> _What is being asked_: A faithful copy of all the records is needed, with the pictures omitted.

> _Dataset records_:
Start of Block

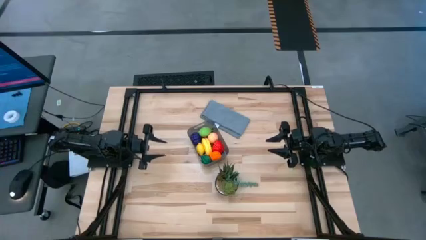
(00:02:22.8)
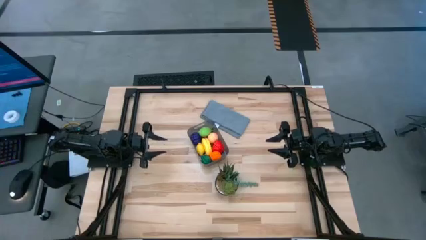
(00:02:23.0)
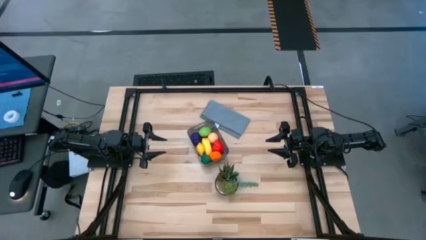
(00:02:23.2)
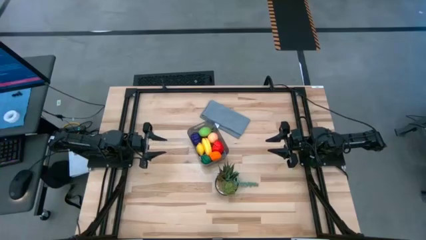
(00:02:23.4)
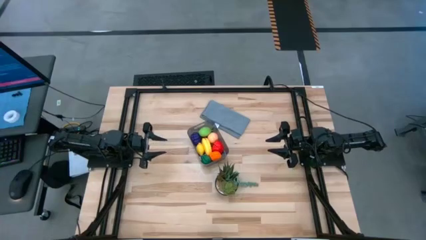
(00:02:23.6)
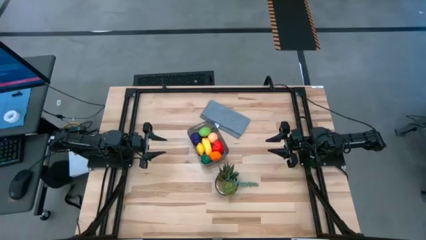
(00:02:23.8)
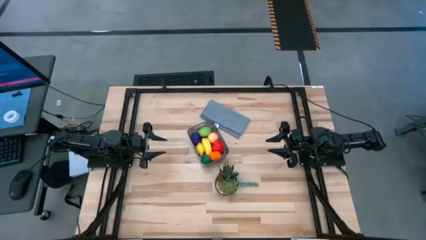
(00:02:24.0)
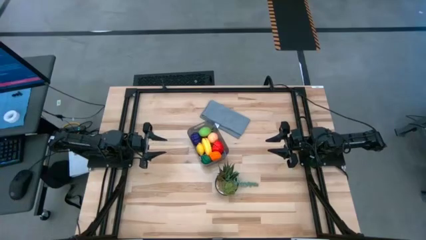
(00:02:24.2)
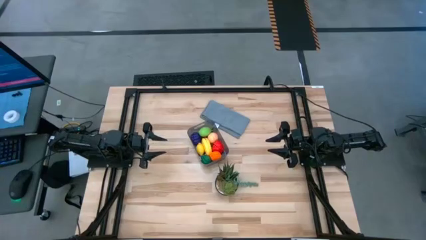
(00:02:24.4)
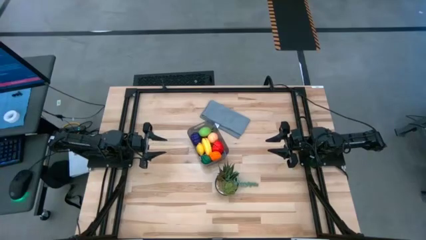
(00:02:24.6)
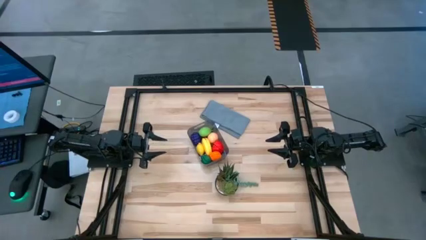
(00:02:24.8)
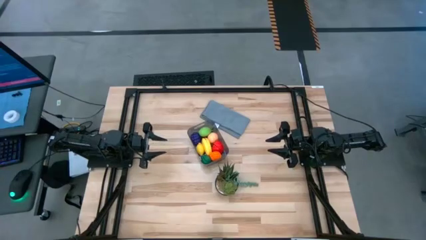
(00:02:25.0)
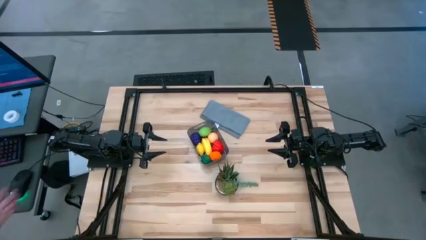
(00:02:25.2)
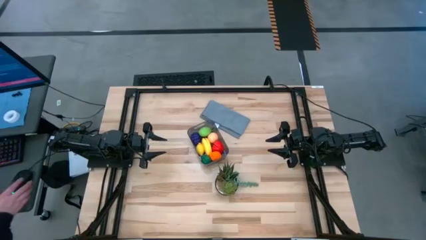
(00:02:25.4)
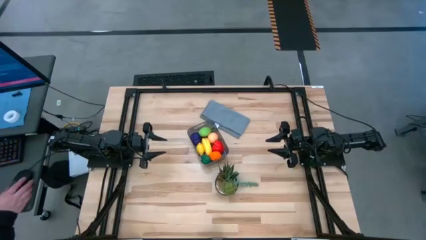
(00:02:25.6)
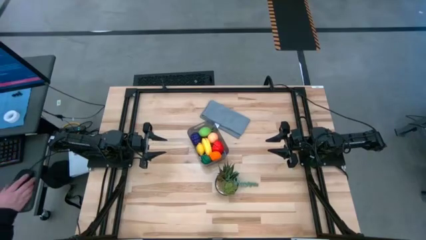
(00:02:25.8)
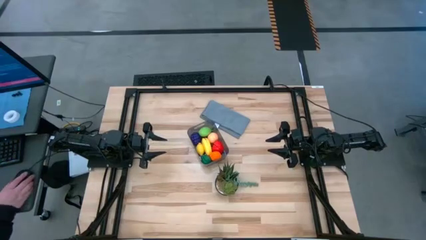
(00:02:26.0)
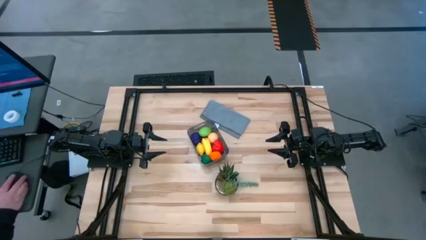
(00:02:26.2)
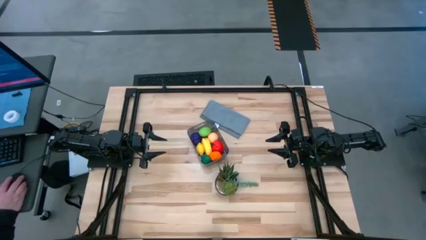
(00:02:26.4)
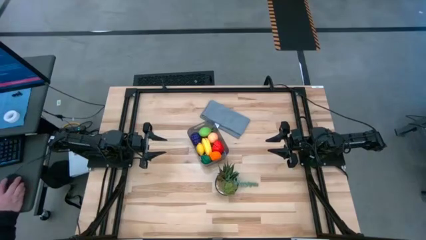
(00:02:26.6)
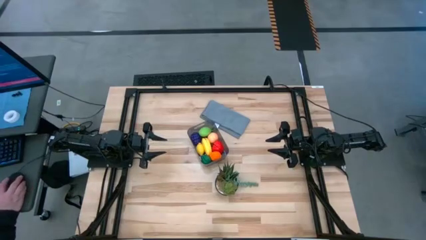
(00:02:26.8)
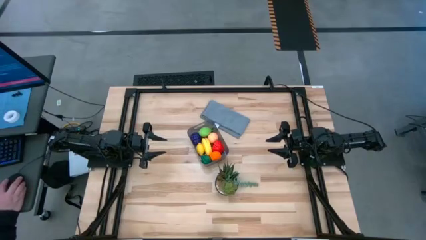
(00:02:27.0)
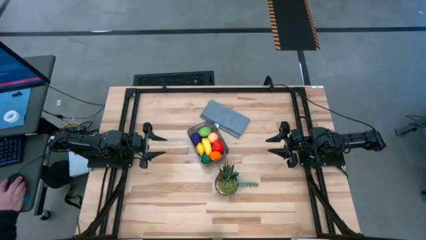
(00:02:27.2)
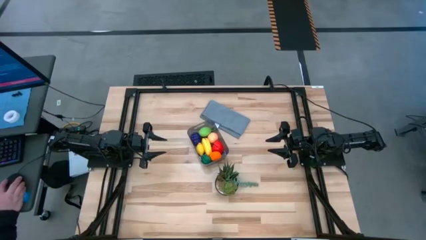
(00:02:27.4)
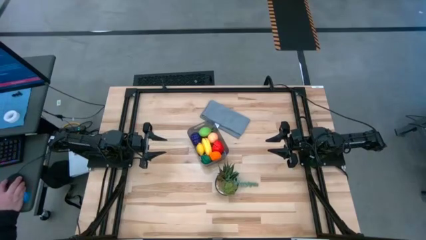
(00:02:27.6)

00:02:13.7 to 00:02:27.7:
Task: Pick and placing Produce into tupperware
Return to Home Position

End of Block

> _Exercise output_:
(00:02:22.8)
(00:02:23.0)
(00:02:23.2)
(00:02:23.4)
(00:02:23.6)
(00:02:23.8)
(00:02:24.0)
(00:02:24.2)
(00:02:24.4)
(00:02:24.6)
(00:02:24.8)
(00:02:25.0)
(00:02:25.2)
(00:02:25.4)
(00:02:25.6)
(00:02:25.8)
(00:02:26.0)
(00:02:26.2)
(00:02:26.4)
(00:02:26.6)
(00:02:26.8)
(00:02:27.0)
(00:02:27.2)
(00:02:27.4)
(00:02:27.6)

00:02:13.7 to 00:02:27.7:
Task: Pick and placing Produce into tupperware
Return to Home Position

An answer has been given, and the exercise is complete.